The following are the definitions of pb and pw.
pw=struct('fitness',[],'pos',{});
pb=struct('fitness',[],'pos',{});
pos is a 2 x 1 array.
When tracking down errors like this, I break the problem up into smaller bits. Especially when the logic isn't readily apparent. Not only does it provide a path that can be used to step through your function using the debugger, but it also makes it more readable.
I've taken liberty with the intermediate variable names.
thisPb = pb(1,num);
thisPw = pw(1,num);
initialPos= pw.pos(i,1);
finalPos = pb.pos(i,1);
whos initialPos finalPos
temp(i,1) = rand(1) * (finalPos - initialPos);
The line with whos will print out the values. Make sure that finalPos and initialPos are both numbers.
One way that you can get this error is when num is an empty matrix.
The expression
>> s(x).a
can return a variable number of outputs, depending on the size of x.
If x = [1,2,3] for example, it will return three values (as long as s has at least three elements).

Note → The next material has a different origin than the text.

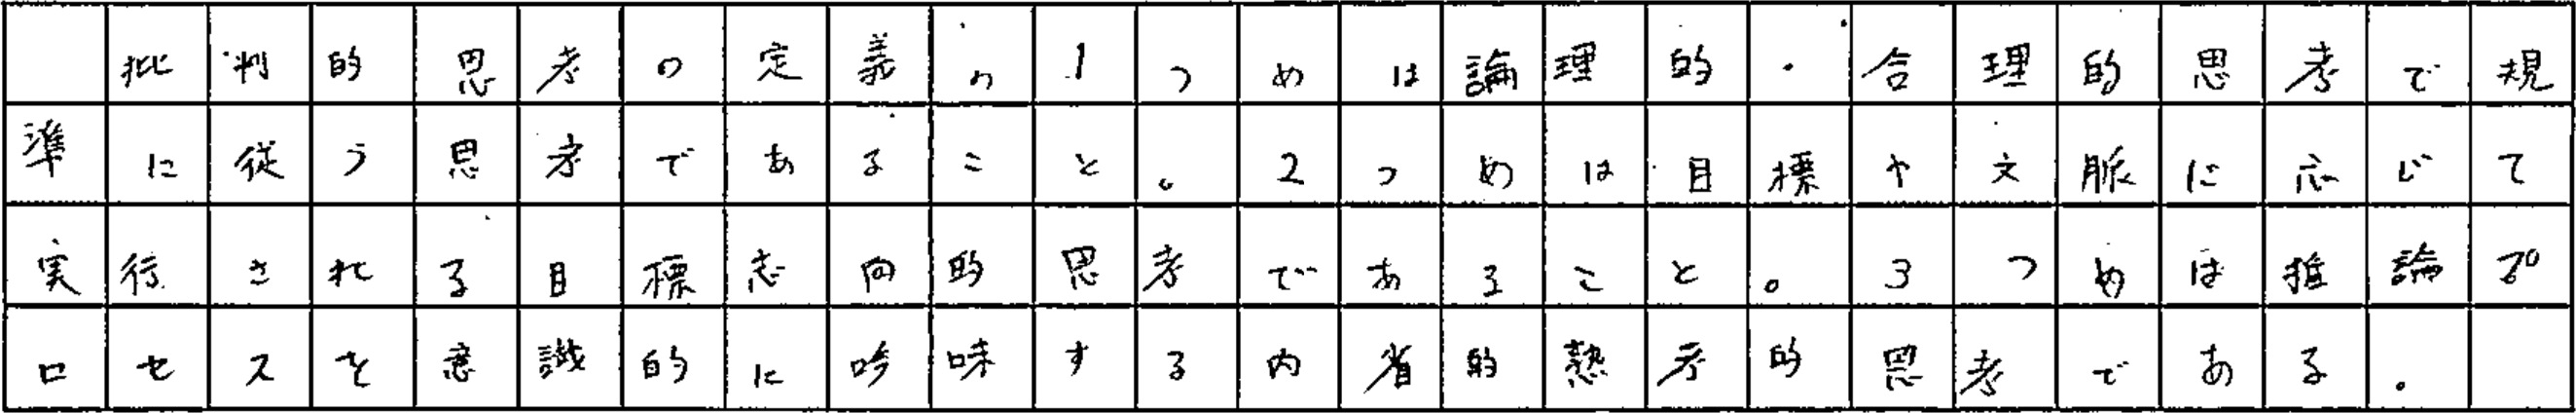　批判的思考の定義の１つめは論理的・合理的思考で規準に従う思考であること。２つめは目標や文脈に応じて実行される目標志向的思考であること。３つめは推論プロセスを意識的に吟味する内省的熟考的思考である。
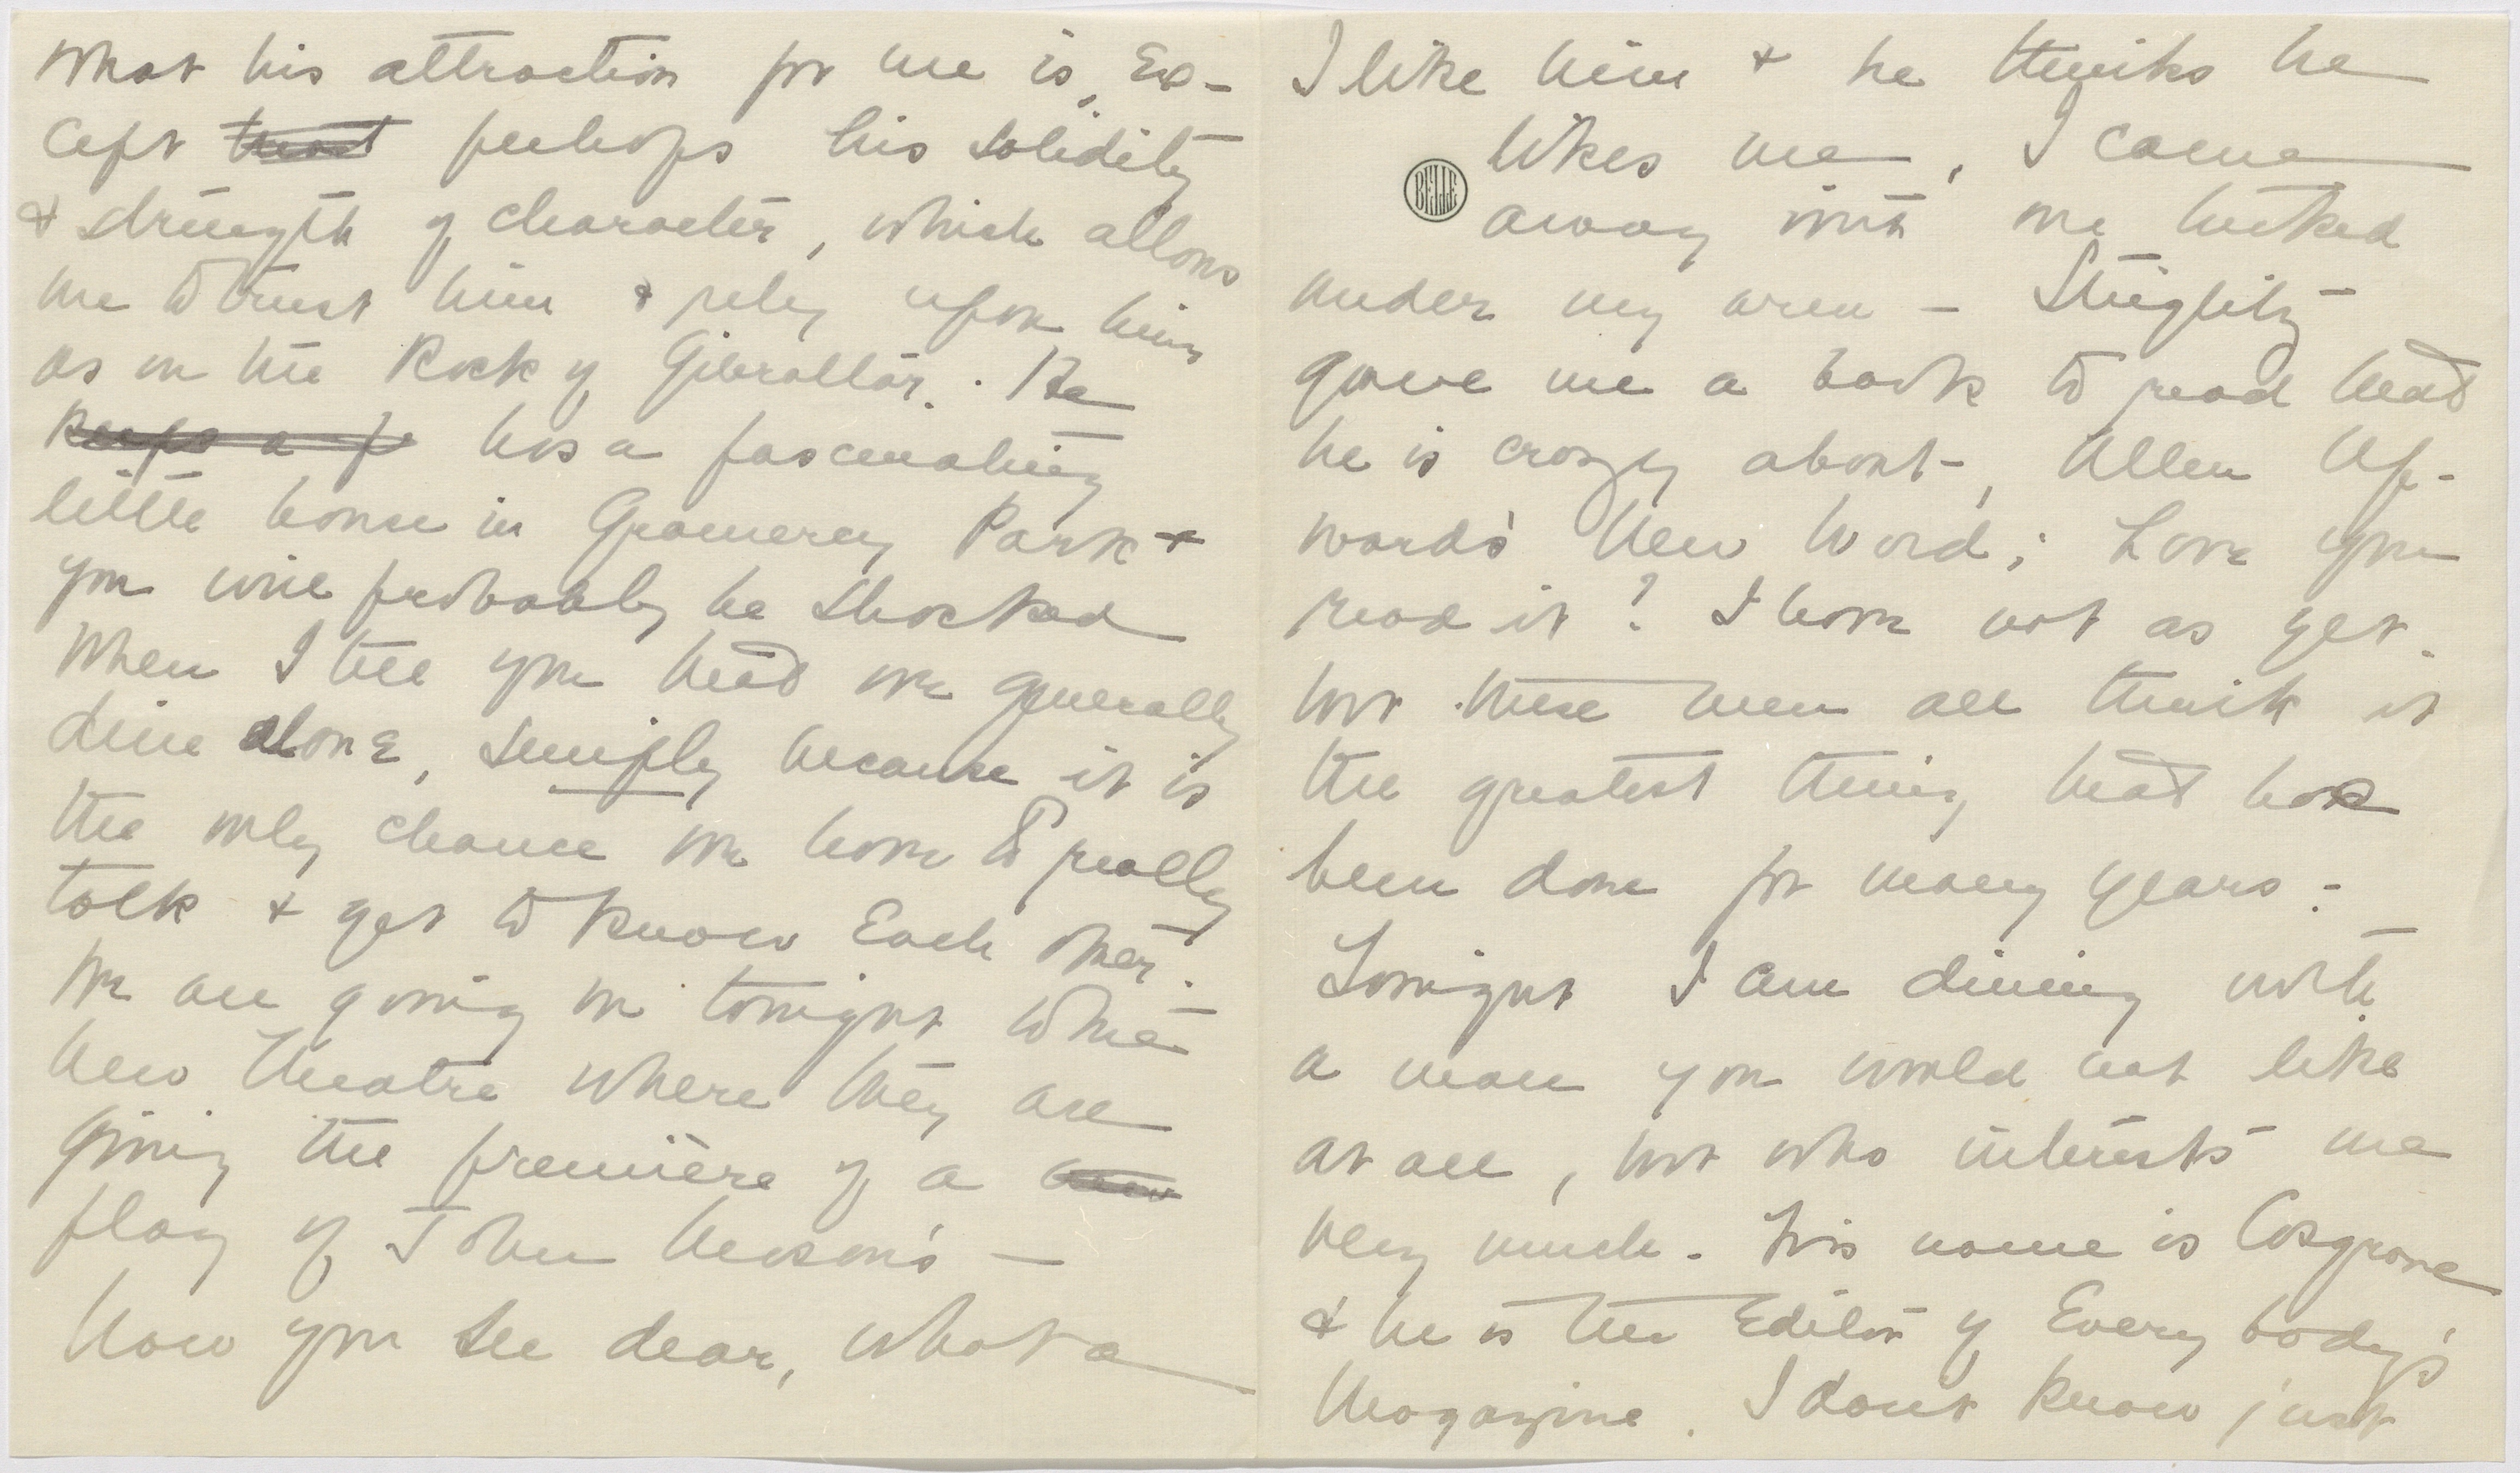I like him & he thinks he likes me, I came away with one tucked under my arm – Stieglitz gave me a book to read that he is crazy about, Allen Upward’s New Word; have you read it? I have not as yet, but these men all think it the greatest thing that has been done for many years –
Tonight I am dining with a man you would not like at all, but who interests me very much. His name is Cosgrave & he is the Editor of Everybody’s Magazine. I don’t know just
what his attraction for me is, except that perhaps his solidity & strength of character, which allows me to trust him & rely upon him as on the Rock of Gibraltar. He keeps a p has a fascinating little house in Gramercy Park & you will probably be shocked when I tell you that we generally dine alone, simply because it is the only chance we have to really talk & get to know each other. We are going out tonight to the New Theatre where they are giving the première of a new play of John Mason’s – Now you see dear, what a

If x = [] on the other hand, then s(x).a will return no outputs, so the expression
>> disp(s(x).a)
will give you a Not enough input arguments error, which is almost certainly what you're seeing. You should check that num is not empty.
Are you sure, that all values are really initialised? Try to check this before your codeline.
disp(pb(1,num).pos(i,1))
disp(pw(1,num).pos(i,1))
temp(i,1) = rand(1)*(pb(1,num).pos(i,1) - pw(1,num).pos(i,1));